Invariance of length of curve under Euclidean Motion

[MxwllsPersuasns]

Homework Statement

Show that the length of a curve γ in ℝⁿ is invariant under euclidean motions. I.e., show that L[Aγ] = L[γ] for Ax = Rx + a

Homework Equations

The length of a curve is given by the arc-length formula: s(t) = ∫γ'(t)dt from t₀ to t

The Attempt at a Solution

I would imagine I would proceed by first taking the arc length of the curve, γ. I'm not sure if I should do this as general and abstractly as possible or if I should give a specific example (i.e., parameterize γ by the parameter (t) perhaps by something like γ(t) = acos(t)i^∧ + bsin(t)j^∧ -- an ellipse) and then carry out the arc length of that.

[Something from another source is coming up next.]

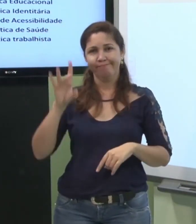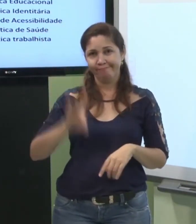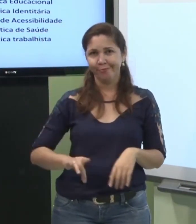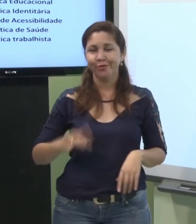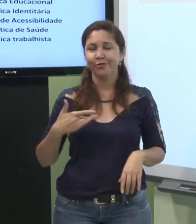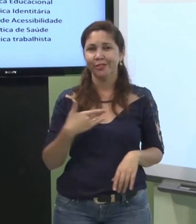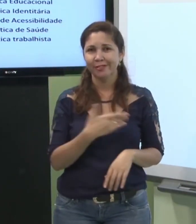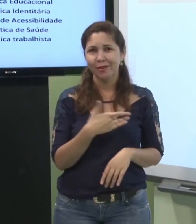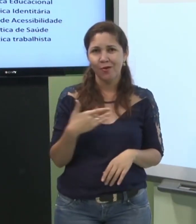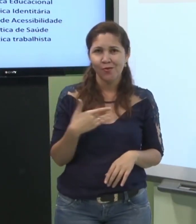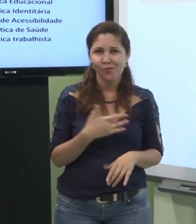direito à saúde

My next step would then be applying the euclidean motion to γ, again, if I'm supposed to do this in the abstract then I'm not exactly sure what I should do. If I'm doing a specific example then I would apply A(γ) = R(γ) + a where I believe R is the n-dimensional (in my case n=2) rotation matrix and 'a' is a translation. Now I would multiply the matrix for the curve γ (a 1x2 matrix) with the rotation matrix (a 2x2 matrix) to then get a new curve (Aγ) then I would take the arc length and see that the arc length formula involves γ' and thus the translation constant 'a' wouldn't contribute to the arc length. Then I guess I'd just hope that L(γ) = L(Rγ).

Can anyone tell me if I have the right idea and also whether they think I should do this problem as generally as possible (and then hopefully guide me on the right path on how to do that) or if doing a specific example like γ ∈ ℝ² would suffice? Thanks so much in advance guys

 

[Stephen Tashi]

I don't know what level of detail is expected of you. A Euclidean transformation preserves distances between points. Arc length can be defined as a limit of a sequence of functions, each of which is a function of distances between pairs of points. So after a Euclidean transformation, these distances are not changed. So you taking a limit of the same sequence of functions.